▶ **EXERCISE INSTRUCTIONS**: Pictures must be left out. Retype exactly the lines from the one containing "latitude: 37.8814" through the last line of the records below.

★ ★ ★ ★ ★ ★ ★

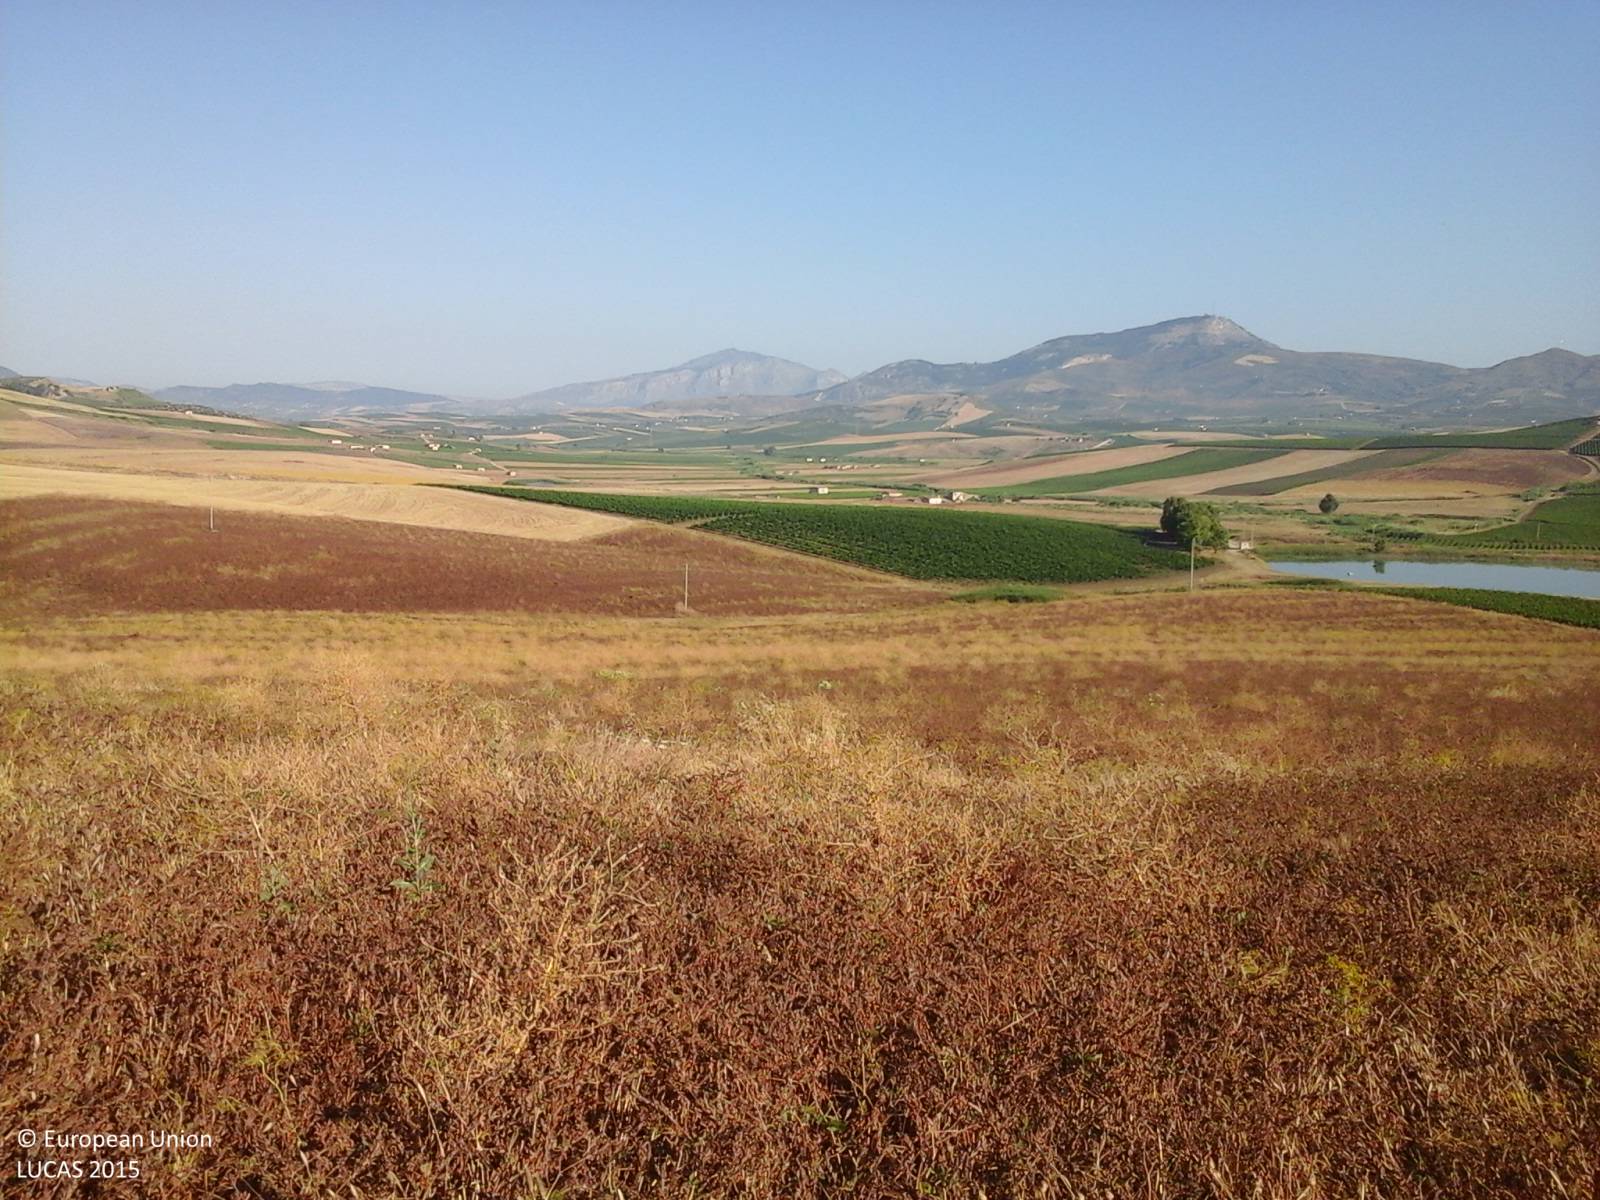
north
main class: Cropland
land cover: Other leguminous and mixtures for fodder
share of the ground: > 75 %
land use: Agriculture (excluding fallow land and kitchen gardens)
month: July
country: IT
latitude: 37.8814
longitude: 13.0137
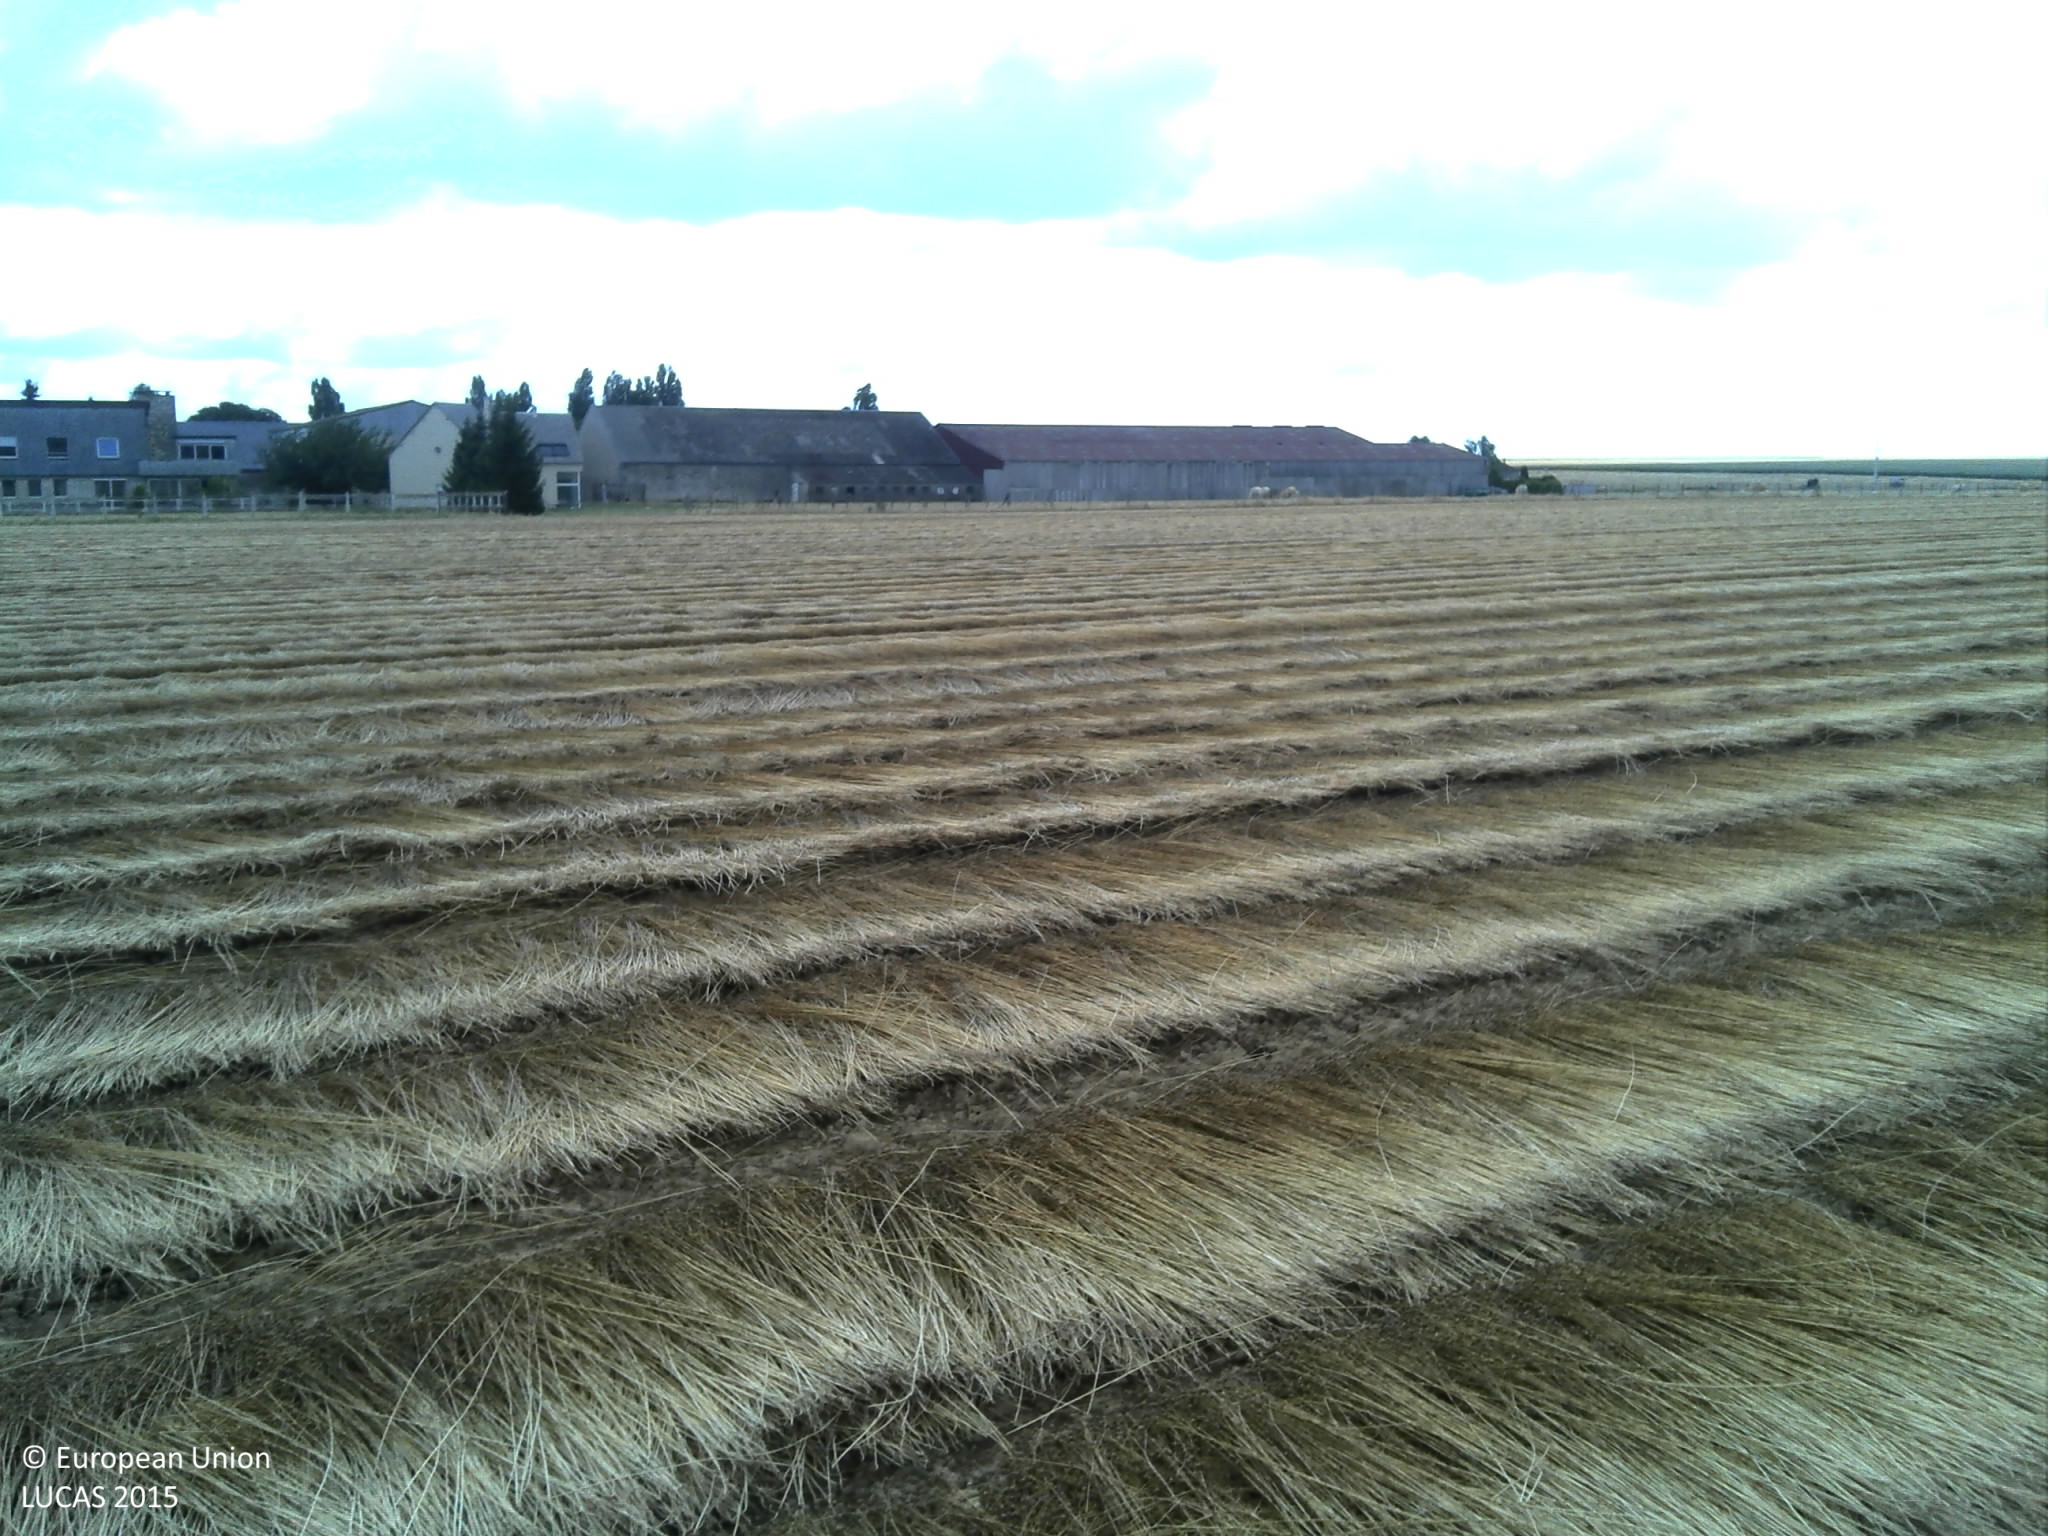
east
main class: Cropland
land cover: Other fibre and oleaginous crops
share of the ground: > 75 %
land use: Agriculture (excluding fallow land and kitchen gardens)
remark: Harvested field
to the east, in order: Other fibre and oleaginous crops; Fences; Grassland without tree/shrub cover; Artificial constructions in urban areas
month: July
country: FR
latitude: 48.8774
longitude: 1.8170

★ ★ ★ ★ ★ ★ ★

▶ **SOLUTION FOR THIS EXERCISE**:
latitude: 37.8814
longitude: 13.0137
east
main class: Cropland
land cover: Other fibre and oleaginous crops
share of the ground: > 75 %
land use: Agriculture (excluding fallow land and kitchen gardens)
remark: Harvested field
to the east, in order: Other fibre and oleaginous crops; Fences; Grassland without tree/shrub cover; Artificial constructions in urban areas
month: July
country: FR
latitude: 48.8774
longitude: 1.8170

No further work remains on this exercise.